WHAT NEEDS TO BE DONE » Verbatim copy, images excluded: write out each record shown below.

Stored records

──────

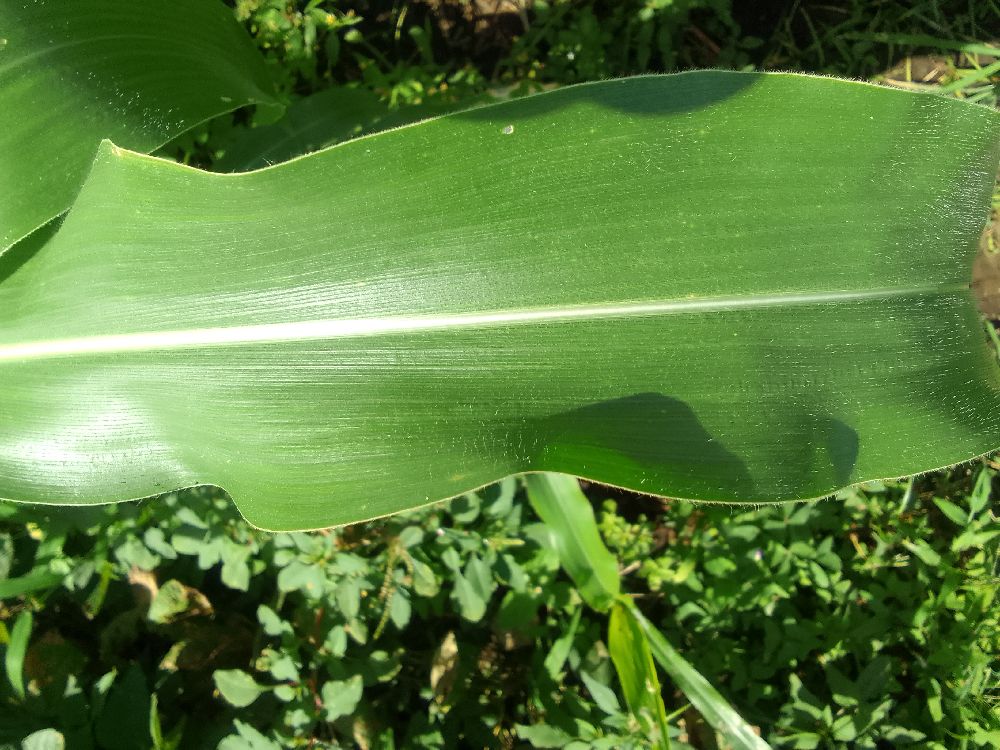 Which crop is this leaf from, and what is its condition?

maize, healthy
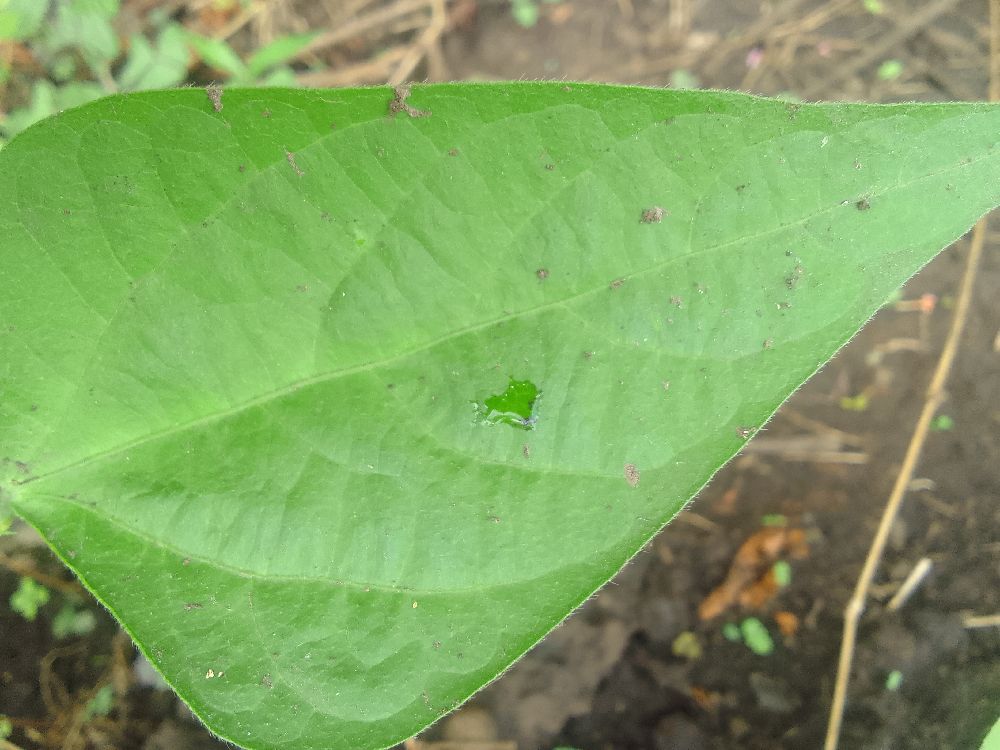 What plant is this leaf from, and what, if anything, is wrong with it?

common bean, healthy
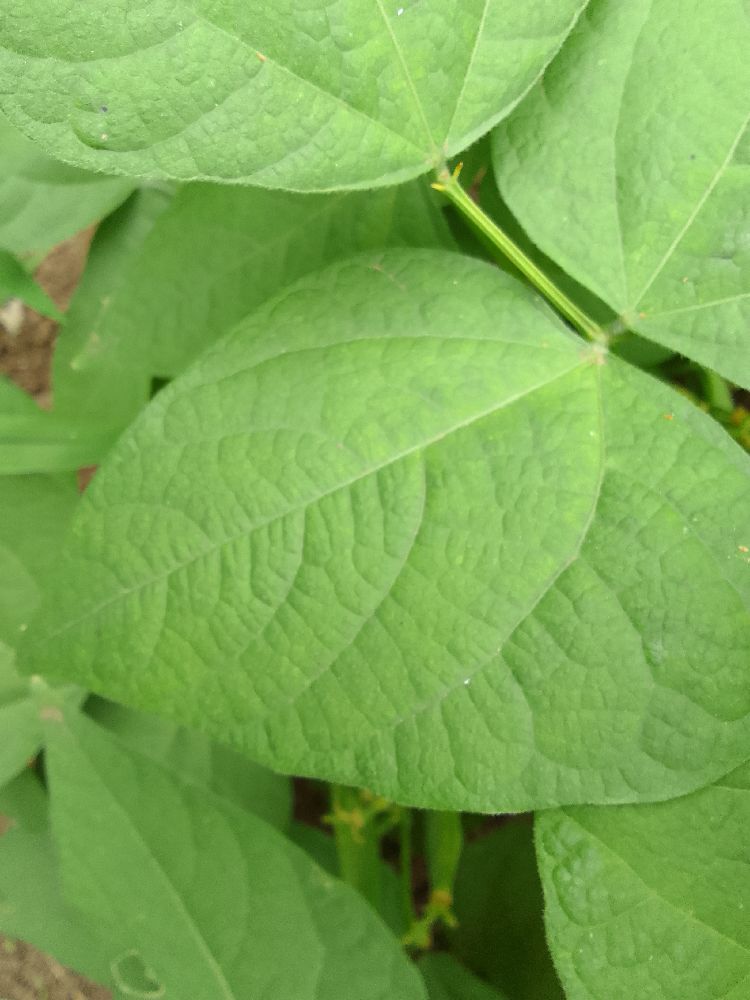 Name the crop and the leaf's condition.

──────

ANSWER SECTION »
 Which crop is this leaf from, and what is its condition?

maize, healthy
 What plant is this leaf from, and what, if anything, is wrong with it?

common bean, healthy
 Name the crop and the leaf's condition.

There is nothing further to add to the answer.